Een vakantiekoning mag wat kosten

Het koningshuis moet verbinden, representeren en kan een moreel kompas zijn. De vraag is of de koning en zijn vrouw dit gezien hun luxueuze levensstijl ook beseffen, schrijft Kemal Rijken in zijn boek Monarchie – Koningshuizen in Europa vanaf 1940, geschiedenis, uitdagingen en overlevingskansen. Een voorpublicatie.

Gepubliceerd op: Geplaatst in de volgende categorieën: door Kemal Rijken

De monarchie van Nederland zou de duurste in Europa zijn, zo wordt vaak beweerd. De vraag is of dit klopt, want de – meestal journalistieke – onderzoeken worden veelal anders uitgevoerd. Bovendien is het lastig vergelijken, omdat de administratie per land enorm kan verschillen en niet alle inkomsten en uitgaven openbaar zijn. Neem de beveiliging, die omwille van de veiligheid van de koningshuisleden in geen enkele monarchie volledig wordt prijsgegeven. Verder houdt de budgettaire transparantie in monarchieën vaak te wensen over: hoe de families hun eigen inkomen besteden blijft vrijwel overal geheim. 

De onderzoeken van de Belgische hoogleraar overheidsfinanciën Herman Matthijs worden door velen als betrouwbaar gezien. In zijn boek What’s the public budget cost of Monarchs and Presidents? (2020) houdt hij zoveel mogelijk rekening met de verschillende omstandigheden. Matthijs concludeert dat de Britse monarchie de duurste van Europa is. Dat een groot deel van de onkosten in Groot-Brittannië wordt betaald uit zeker vijftien procent van de baten uit de Crown Estate, betekent niet dat de belastingbetaler ‘weinig’ betaalt. Het gaat immers om geld dat normaal gesproken naar de schatkist zou vloeien. De Britse belastingbetalers vangen dus vijftien procent minder uit de Crown Estate. 

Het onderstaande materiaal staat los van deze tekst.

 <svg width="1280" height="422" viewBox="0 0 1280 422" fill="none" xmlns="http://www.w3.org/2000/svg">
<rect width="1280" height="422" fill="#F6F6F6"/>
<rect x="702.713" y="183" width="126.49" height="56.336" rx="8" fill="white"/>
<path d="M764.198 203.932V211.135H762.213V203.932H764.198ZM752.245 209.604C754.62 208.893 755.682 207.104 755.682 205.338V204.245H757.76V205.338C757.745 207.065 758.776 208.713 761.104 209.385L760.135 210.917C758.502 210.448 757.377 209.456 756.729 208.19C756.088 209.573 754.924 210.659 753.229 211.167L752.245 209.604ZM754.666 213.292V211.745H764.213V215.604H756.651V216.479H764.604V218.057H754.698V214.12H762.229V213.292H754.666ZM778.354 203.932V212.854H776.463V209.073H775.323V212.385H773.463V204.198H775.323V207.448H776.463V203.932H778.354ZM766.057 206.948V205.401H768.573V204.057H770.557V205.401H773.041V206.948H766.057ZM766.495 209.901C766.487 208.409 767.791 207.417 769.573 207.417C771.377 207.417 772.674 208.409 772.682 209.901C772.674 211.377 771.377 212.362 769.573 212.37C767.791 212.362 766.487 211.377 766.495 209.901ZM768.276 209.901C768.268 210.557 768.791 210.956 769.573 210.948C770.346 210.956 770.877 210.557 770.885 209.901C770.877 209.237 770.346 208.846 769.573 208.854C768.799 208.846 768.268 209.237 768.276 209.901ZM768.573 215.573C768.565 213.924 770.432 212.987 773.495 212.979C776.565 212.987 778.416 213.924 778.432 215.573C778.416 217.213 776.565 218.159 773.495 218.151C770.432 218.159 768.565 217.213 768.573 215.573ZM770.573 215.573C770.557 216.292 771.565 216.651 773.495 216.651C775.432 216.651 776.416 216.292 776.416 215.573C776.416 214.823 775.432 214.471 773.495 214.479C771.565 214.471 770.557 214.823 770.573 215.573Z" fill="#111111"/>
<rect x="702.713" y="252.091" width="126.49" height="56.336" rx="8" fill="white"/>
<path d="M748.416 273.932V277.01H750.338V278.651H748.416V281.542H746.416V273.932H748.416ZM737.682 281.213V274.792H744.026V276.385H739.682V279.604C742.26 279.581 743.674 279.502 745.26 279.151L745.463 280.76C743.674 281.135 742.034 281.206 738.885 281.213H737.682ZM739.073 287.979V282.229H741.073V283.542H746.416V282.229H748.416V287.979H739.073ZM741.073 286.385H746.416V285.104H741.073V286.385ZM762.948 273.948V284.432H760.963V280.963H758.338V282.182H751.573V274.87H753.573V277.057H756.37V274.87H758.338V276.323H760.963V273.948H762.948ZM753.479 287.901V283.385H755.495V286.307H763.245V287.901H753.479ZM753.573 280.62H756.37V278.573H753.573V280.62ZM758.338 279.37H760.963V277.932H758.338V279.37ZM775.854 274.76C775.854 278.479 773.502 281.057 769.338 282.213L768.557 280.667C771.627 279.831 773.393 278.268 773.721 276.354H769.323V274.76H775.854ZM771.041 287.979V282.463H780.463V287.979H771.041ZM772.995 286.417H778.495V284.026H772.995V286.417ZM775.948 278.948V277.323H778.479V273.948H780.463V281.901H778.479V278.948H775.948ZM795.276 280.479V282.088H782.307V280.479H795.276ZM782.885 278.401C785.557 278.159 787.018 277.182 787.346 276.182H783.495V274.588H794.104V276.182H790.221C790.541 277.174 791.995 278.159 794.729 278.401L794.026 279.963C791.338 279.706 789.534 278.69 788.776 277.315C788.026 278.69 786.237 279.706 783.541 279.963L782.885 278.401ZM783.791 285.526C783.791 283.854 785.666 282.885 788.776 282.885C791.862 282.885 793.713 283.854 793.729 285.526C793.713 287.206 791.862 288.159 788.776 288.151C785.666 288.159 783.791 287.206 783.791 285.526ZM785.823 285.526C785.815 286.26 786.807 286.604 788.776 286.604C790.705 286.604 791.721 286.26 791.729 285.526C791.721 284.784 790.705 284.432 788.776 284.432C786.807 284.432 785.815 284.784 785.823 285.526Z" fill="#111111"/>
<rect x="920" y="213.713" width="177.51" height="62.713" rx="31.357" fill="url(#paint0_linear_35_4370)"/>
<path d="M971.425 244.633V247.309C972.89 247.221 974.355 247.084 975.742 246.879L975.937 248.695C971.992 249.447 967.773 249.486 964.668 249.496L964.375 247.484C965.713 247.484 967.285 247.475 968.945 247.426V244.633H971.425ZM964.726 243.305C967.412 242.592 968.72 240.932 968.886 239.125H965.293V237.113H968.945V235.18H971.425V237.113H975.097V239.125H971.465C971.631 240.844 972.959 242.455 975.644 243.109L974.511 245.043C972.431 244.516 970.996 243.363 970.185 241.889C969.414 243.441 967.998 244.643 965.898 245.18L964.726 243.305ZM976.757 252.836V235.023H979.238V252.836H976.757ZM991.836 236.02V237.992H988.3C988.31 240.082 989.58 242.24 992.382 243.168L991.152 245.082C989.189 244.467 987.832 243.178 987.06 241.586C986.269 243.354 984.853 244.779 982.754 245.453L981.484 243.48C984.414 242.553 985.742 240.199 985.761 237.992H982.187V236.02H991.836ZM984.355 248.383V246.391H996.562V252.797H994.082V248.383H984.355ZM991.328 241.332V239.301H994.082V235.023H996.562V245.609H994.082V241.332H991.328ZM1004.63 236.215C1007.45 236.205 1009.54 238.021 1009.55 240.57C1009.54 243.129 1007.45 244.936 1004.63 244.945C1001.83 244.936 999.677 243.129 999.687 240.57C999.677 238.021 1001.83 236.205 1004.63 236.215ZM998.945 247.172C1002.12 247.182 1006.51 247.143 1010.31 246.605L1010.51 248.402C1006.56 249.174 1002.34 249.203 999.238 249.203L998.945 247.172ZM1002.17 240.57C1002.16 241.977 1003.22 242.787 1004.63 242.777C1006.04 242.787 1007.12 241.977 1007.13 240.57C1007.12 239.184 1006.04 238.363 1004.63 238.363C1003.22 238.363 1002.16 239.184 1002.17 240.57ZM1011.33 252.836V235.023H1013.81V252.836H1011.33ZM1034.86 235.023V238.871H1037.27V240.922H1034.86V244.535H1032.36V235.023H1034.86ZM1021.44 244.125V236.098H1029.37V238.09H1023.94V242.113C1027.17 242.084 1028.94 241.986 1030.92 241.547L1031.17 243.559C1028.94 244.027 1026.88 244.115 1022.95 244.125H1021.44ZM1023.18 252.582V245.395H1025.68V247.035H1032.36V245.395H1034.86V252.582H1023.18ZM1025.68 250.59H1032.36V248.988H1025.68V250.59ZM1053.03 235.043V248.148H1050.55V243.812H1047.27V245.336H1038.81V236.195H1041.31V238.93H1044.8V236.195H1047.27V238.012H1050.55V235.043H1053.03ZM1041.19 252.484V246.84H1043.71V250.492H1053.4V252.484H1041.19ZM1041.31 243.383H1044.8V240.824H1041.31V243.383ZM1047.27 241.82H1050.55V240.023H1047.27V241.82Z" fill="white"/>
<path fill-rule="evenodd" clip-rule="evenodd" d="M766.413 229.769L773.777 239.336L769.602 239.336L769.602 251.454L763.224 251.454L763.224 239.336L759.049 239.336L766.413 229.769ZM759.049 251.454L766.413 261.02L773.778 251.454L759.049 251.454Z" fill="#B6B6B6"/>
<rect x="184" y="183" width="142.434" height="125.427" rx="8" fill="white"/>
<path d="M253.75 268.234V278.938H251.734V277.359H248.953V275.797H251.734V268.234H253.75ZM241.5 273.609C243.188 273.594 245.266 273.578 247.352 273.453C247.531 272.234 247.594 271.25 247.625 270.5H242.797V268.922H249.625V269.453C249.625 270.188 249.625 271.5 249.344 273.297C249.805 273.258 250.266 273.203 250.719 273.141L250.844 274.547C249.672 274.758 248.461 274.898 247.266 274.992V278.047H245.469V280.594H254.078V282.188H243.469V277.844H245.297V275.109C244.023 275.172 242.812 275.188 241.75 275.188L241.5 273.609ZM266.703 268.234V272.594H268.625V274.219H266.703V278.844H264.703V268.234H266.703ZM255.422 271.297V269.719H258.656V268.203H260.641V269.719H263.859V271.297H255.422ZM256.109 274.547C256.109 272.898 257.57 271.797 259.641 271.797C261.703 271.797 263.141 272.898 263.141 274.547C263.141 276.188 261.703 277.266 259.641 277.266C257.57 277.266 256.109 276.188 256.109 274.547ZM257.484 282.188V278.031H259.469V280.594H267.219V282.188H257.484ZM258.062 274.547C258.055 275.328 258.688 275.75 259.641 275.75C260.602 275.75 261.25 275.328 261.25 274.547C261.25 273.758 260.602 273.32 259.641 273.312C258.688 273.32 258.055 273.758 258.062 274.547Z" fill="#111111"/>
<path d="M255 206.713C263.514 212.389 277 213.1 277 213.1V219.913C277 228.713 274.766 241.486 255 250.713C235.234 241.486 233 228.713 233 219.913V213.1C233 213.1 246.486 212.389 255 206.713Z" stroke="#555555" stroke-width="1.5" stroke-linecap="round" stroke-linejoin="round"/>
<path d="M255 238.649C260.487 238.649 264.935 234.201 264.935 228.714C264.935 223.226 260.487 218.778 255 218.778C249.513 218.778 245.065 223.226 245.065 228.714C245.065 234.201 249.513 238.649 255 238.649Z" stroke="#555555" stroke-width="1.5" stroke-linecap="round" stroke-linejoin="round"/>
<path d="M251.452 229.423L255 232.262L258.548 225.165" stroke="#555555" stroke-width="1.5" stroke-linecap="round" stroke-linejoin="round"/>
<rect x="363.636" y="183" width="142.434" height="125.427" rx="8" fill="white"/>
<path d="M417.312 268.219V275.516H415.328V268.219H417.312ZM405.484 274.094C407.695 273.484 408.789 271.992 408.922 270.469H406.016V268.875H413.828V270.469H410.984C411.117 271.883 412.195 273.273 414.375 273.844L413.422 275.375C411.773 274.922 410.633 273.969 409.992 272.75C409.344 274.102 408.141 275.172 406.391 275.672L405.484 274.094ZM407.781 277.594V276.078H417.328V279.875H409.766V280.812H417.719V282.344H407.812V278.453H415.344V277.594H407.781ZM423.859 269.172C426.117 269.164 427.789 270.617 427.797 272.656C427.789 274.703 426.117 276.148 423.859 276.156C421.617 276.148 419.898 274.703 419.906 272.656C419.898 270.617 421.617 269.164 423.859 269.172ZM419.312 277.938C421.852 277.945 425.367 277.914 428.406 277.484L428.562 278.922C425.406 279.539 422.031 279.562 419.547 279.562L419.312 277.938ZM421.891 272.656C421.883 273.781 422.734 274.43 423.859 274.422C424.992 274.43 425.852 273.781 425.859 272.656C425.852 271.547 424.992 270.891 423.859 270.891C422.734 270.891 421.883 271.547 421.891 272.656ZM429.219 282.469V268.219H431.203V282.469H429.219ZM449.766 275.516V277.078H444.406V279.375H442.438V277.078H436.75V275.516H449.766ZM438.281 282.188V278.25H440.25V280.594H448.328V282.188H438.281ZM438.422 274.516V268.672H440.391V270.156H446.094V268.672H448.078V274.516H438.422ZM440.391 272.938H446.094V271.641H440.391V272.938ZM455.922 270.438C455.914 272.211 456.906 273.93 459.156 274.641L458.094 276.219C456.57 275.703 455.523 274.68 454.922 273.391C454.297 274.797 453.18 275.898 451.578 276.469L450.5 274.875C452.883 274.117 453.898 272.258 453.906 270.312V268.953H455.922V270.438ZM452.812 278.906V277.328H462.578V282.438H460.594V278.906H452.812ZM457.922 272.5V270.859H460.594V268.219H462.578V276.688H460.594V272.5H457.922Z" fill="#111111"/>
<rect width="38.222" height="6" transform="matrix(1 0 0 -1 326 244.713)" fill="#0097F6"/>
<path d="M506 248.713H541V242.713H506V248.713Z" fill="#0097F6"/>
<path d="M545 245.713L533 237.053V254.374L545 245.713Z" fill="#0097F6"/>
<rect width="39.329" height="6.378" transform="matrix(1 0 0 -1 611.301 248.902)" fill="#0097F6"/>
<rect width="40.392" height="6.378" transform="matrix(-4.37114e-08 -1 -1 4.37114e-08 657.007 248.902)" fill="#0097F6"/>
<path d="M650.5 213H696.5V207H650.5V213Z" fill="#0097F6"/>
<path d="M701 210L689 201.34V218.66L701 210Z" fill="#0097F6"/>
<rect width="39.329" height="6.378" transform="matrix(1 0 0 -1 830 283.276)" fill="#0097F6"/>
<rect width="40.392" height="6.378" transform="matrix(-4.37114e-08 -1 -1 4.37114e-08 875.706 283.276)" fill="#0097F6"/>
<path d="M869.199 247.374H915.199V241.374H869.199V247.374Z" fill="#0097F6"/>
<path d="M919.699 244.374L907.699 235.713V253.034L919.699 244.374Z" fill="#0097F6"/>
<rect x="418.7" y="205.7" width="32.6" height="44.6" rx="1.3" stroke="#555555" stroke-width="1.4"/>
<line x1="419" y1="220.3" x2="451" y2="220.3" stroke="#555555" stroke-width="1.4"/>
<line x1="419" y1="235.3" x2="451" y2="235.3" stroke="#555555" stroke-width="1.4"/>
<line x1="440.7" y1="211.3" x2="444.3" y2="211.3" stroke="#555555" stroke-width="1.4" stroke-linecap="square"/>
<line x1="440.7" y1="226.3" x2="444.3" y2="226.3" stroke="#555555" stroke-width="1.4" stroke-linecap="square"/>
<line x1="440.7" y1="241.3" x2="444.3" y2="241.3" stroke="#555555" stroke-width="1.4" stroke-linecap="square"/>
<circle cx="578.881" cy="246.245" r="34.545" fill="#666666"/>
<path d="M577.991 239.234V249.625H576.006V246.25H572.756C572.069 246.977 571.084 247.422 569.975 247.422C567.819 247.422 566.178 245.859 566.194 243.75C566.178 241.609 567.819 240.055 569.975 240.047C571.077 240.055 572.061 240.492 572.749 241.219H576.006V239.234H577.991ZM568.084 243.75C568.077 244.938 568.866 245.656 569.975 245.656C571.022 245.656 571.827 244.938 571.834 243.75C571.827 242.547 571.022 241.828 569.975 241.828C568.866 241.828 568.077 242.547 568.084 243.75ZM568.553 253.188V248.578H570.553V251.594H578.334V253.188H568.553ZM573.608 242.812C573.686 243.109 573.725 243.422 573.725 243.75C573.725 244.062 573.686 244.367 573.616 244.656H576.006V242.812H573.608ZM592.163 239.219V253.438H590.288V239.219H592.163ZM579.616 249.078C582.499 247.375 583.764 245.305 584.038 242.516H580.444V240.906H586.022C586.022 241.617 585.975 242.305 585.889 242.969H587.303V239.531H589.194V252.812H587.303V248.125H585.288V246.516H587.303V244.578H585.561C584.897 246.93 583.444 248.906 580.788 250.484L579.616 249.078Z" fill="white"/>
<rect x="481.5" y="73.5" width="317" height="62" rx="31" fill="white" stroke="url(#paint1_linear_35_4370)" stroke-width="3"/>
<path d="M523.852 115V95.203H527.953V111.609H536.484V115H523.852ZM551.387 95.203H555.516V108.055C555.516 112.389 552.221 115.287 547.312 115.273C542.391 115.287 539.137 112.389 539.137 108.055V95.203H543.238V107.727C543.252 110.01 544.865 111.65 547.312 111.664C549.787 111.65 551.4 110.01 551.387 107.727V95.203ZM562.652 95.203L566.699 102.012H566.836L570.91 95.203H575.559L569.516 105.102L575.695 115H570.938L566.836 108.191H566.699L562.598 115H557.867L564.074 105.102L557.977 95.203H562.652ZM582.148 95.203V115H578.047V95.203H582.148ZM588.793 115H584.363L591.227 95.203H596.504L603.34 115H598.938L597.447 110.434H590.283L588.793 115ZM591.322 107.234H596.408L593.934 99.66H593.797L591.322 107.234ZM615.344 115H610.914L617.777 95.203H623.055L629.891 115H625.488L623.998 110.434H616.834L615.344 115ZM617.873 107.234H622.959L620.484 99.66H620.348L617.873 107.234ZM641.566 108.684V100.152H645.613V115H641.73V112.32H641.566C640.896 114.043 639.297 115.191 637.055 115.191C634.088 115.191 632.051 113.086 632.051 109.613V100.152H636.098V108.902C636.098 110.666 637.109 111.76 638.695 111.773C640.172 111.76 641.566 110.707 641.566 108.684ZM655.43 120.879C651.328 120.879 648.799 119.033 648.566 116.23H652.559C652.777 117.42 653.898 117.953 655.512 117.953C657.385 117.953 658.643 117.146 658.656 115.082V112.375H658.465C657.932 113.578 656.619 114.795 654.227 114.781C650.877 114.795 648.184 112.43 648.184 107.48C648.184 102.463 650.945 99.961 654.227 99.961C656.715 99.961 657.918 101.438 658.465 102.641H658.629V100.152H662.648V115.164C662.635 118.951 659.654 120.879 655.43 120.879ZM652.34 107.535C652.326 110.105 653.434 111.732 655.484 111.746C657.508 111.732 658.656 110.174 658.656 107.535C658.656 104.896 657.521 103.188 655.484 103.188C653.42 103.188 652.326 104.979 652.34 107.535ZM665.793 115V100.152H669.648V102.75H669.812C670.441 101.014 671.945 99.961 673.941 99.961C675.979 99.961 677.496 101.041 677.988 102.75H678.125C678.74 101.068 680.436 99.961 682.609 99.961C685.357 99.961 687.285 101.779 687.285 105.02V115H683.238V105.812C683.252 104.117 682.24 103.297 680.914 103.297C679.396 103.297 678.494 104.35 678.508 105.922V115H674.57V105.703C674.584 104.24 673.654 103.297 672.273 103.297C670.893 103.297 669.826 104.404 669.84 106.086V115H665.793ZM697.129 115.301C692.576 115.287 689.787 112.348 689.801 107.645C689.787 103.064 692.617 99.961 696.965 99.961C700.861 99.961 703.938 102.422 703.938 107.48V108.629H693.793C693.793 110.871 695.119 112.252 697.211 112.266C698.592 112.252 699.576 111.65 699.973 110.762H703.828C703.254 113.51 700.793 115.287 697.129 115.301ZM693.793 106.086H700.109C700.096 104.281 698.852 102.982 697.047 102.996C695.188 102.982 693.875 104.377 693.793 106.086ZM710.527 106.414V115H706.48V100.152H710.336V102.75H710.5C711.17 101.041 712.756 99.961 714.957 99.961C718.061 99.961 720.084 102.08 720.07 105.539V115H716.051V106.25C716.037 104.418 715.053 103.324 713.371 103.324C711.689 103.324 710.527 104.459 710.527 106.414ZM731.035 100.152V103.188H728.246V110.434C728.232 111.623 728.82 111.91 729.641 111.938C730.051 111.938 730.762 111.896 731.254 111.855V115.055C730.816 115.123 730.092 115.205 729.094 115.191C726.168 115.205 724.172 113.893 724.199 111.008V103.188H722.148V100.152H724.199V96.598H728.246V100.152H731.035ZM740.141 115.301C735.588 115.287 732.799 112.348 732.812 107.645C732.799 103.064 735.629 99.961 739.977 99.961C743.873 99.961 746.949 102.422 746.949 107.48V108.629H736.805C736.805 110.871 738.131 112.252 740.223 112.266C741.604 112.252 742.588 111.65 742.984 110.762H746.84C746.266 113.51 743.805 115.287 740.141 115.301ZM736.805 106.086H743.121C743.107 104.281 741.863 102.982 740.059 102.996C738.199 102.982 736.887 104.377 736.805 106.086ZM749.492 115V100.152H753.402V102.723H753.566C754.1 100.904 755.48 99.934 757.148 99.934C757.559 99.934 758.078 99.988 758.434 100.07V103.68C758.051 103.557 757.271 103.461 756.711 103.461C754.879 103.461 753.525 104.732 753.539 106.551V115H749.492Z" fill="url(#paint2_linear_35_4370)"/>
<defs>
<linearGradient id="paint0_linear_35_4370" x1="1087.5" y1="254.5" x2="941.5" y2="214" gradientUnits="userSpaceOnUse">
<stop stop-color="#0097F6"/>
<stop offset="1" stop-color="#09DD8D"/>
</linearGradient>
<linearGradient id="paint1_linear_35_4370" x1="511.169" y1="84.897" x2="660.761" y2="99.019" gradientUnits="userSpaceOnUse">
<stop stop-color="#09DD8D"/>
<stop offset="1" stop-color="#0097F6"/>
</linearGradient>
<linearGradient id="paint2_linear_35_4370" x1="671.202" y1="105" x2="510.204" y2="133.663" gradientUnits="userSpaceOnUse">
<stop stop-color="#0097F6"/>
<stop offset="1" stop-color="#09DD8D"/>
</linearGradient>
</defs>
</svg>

Matthijs wijst erop dat de Spaanse en Luxemburgse monarchie het minst transparant zijn en dat hun begrotingen mogelijk veel hoger uitvallen dan dat de beschikbare cijfers laten zien. Daar waar Spanje nu onder aan zijn lijst staat, zou het wellicht in de top drie moeten staan. Ook vergelijkt Matthijs de kosten van het staatshoofd van acht Europese monarchieën met die van de republieken Frankrijk, Duitsland en Amerika. De Franse president kost het meest: 103 miljoen euro per jaar. Kanttekening: republieken zijn over het algemeen transparanter dan monarchieën over de onkosten van het staatshoofd. 

‘Duurste monarchie van Europa’ of niet: feit is dat de Oranjes gedurende het koningschap van Willem-Alexander steeds vaker vanwege geldzaken het nieuws halen. Na de inhuldiging in 2013 wordt aangekondigd dat de koning zal verhuizen naar Paleis Huis ten Bosch, de residentie van het staatshoofd. Omdat het complex veel achterstallig onderhoud kent, wordt besloten om het op te knappen. Premier Mark Rutte verkondigt dat de renovatie 35 miljoen euro kost en dat het ‘niet veel meer’ zal worden, maar uiteindelijk bedragen de kosten in totaal 63,1 miljoen euro. 

De Oranjes halen gedurende het koningschap van Willem-Alexander steeds vaker vanwege geldzaken het nieuws.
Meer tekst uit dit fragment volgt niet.